++++ Supplied material ++++
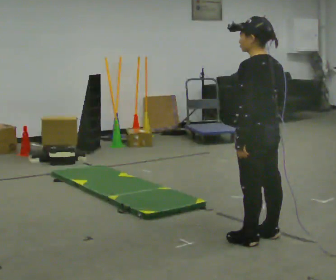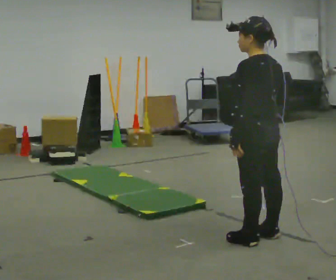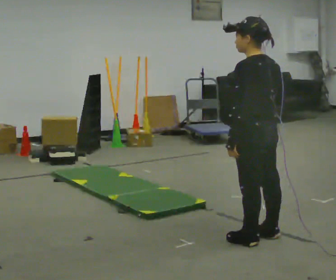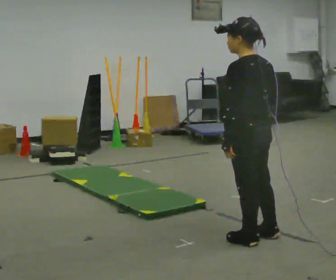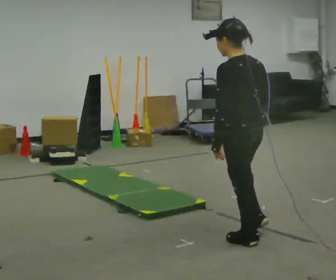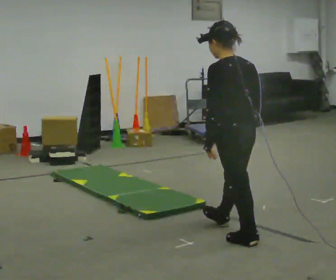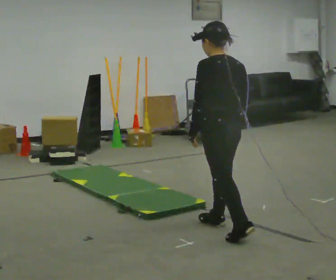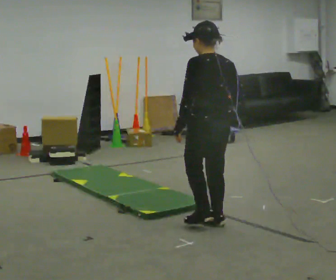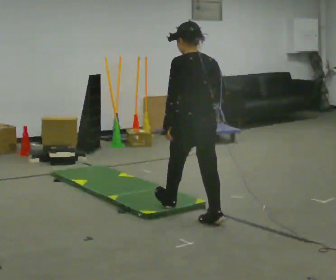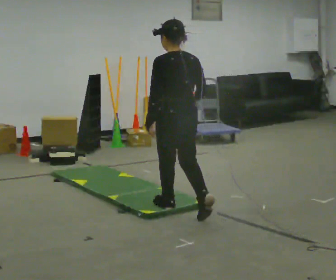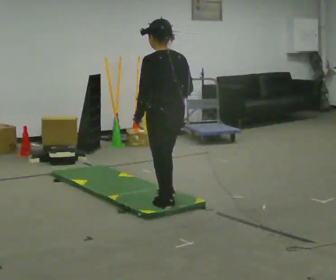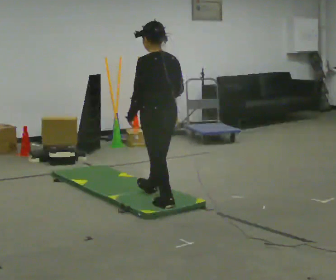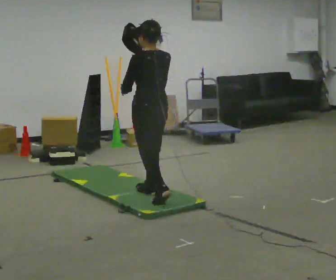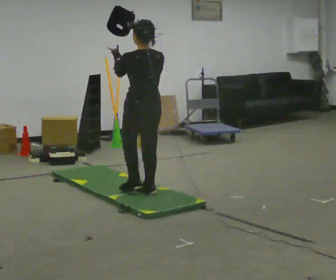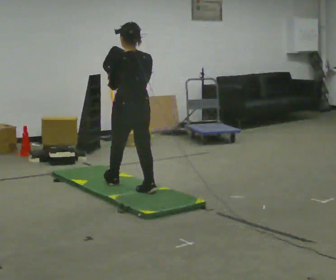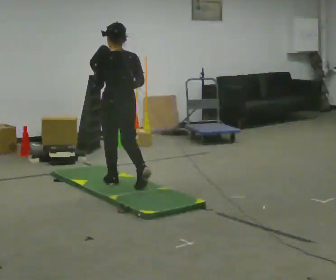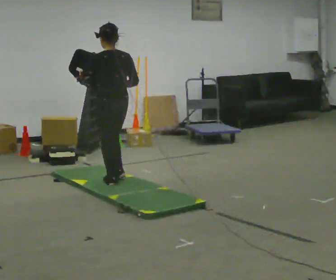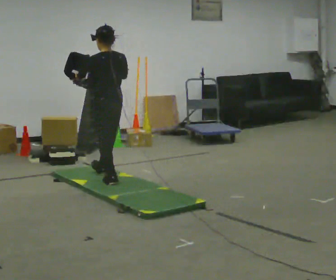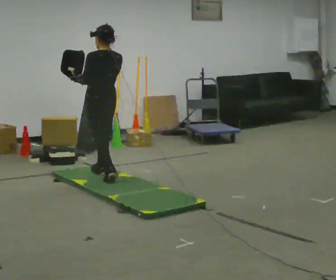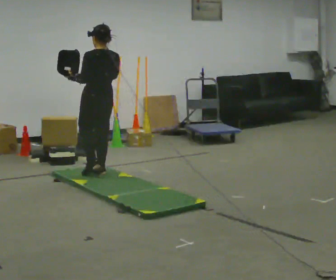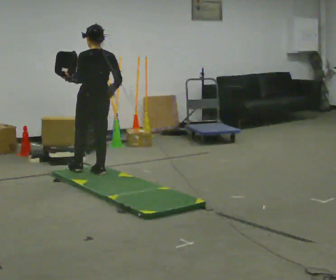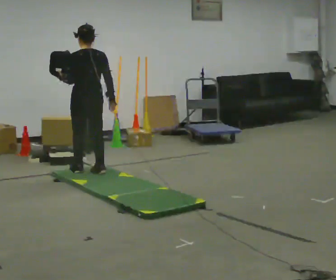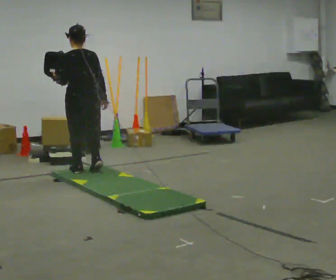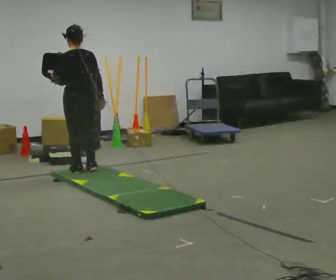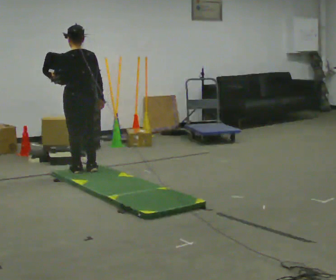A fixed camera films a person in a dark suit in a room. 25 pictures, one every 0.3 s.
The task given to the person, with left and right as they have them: Hold the object and walk back and forth. It may slip. Try to catch it if you can, but let it go rather than lurching after it.
0.0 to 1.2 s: The person moves a little, or ends about where they began.
1.2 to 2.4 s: In the picture they go away from the camera and to the left, about 0.5 m in 2 steps, which for them is forward.
2.4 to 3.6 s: In the picture they go away from the camera and to the left, about 0.75 m in 1 step, which for them is forward. In the picture their right hand goes upward.
3.6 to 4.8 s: In the picture they go away from the camera and to the left, about 0.5 m in 1 step, which for them is forward.
4.8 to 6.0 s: In the picture they go away from the camera and to the left, about 0.5 m in 2 steps, which for them is forward.
6.0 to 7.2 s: In the picture they go to the left, about 0.25 m in 1 step, which for them is forward.
The film runs forward here.
++++
Instructions for the task:
With both ends included, please retype exactly the lines from the line containing "The task given" to the final line of the data.

Solution to this task:
The task given to the person, with left and right as they have them: Hold the object and walk back and forth. It may slip. Try to catch it if you can, but let it go rather than lurching after it.
0.0 to 1.2 s: The person moves a little, or ends about where they began.
1.2 to 2.4 s: In the picture they go away from the camera and to the left, about 0.5 m in 2 steps, which for them is forward.
2.4 to 3.6 s: In the picture they go away from the camera and to the left, about 0.75 m in 1 step, which for them is forward. In the picture their right hand goes upward.
3.6 to 4.8 s: In the picture they go away from the camera and to the left, about 0.5 m in 1 step, which for them is forward.
4.8 to 6.0 s: In the picture they go away from the camera and to the left, about 0.5 m in 2 steps, which for them is forward.
6.0 to 7.2 s: In the picture they go to the left, about 0.25 m in 1 step, which for them is forward.
The film runs forward here.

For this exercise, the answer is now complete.